EXERCISE PROMPT:
Exclude all pictures from your copy of the data below, which should otherwise match exactly.
···
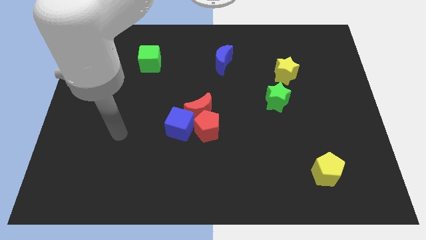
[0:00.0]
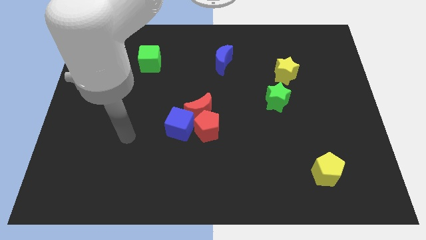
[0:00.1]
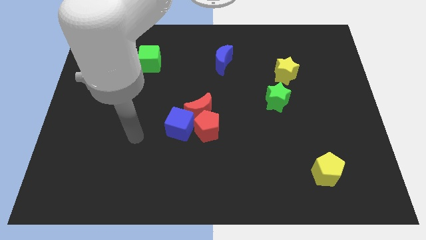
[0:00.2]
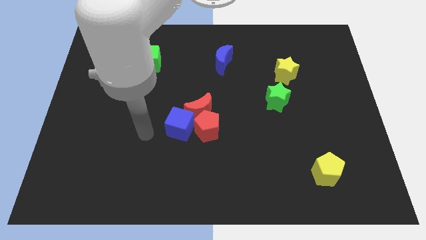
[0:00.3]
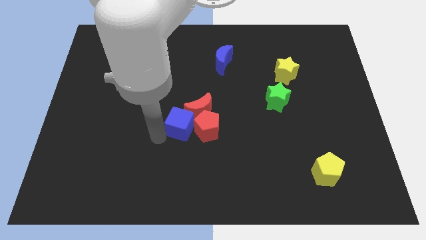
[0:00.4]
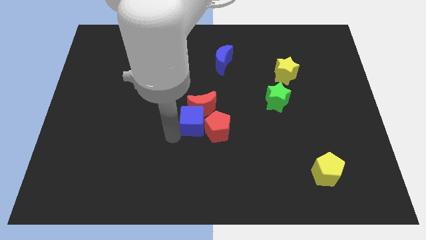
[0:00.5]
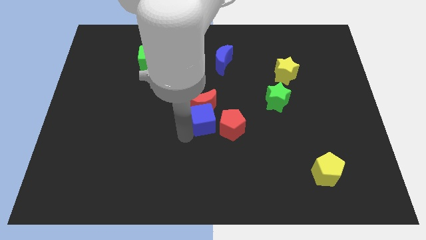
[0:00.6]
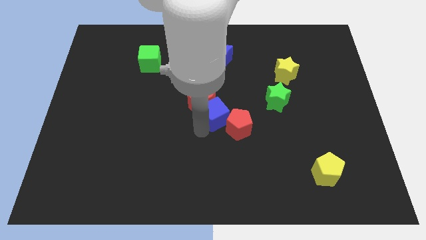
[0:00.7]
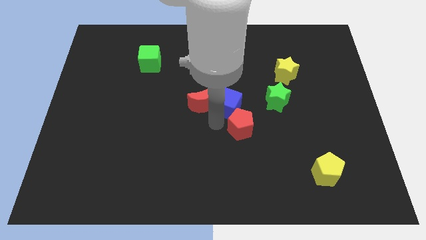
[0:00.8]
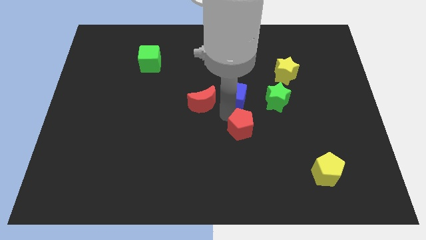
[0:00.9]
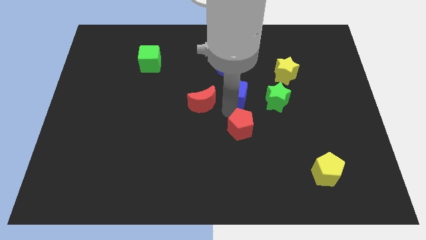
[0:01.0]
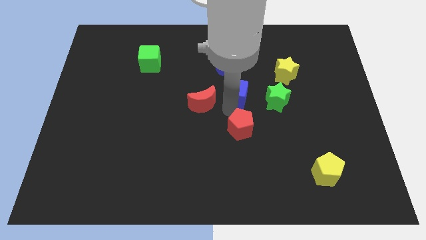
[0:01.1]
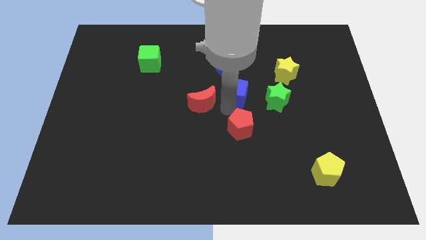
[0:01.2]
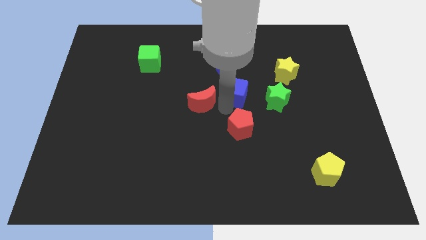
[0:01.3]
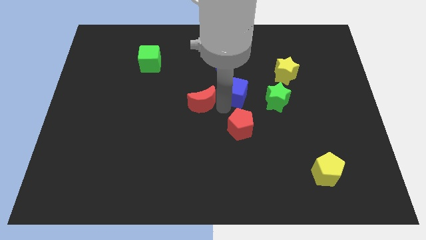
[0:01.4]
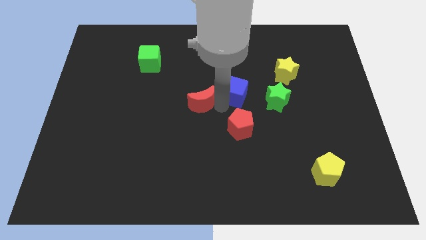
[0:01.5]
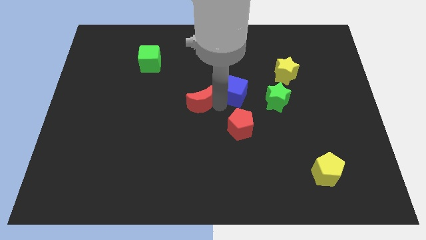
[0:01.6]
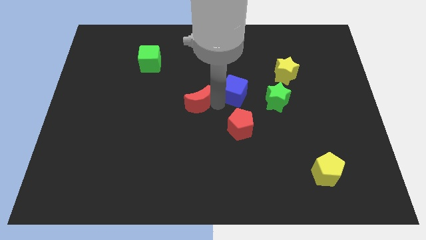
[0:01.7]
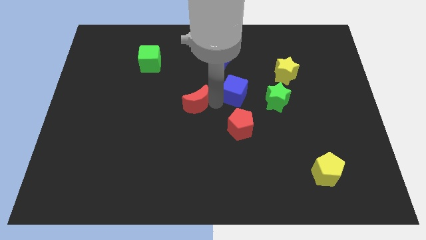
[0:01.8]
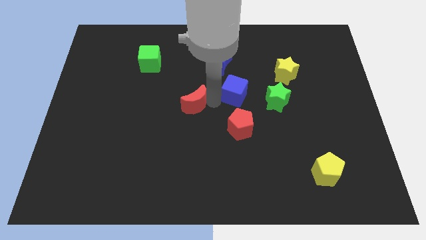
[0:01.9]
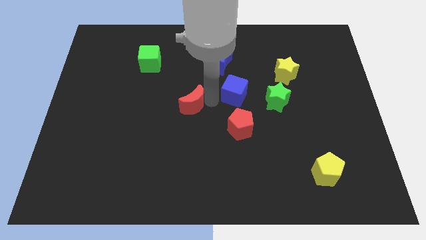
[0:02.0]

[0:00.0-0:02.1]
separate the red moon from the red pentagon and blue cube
···
SOLVED PROBLEM:
[0:00.0]
[0:00.1]
[0:00.2]
[0:00.3]
[0:00.4]
[0:00.5]
[0:00.6]
[0:00.7]
[0:00.8]
[0:00.9]
[0:01.0]
[0:01.1]
[0:01.2]
[0:01.3]
[0:01.4]
[0:01.5]
[0:01.6]
[0:01.7]
[0:01.8]
[0:01.9]
[0:02.0]

[0:00.0-0:02.1]
separate the red moon from the red pentagon and blue cube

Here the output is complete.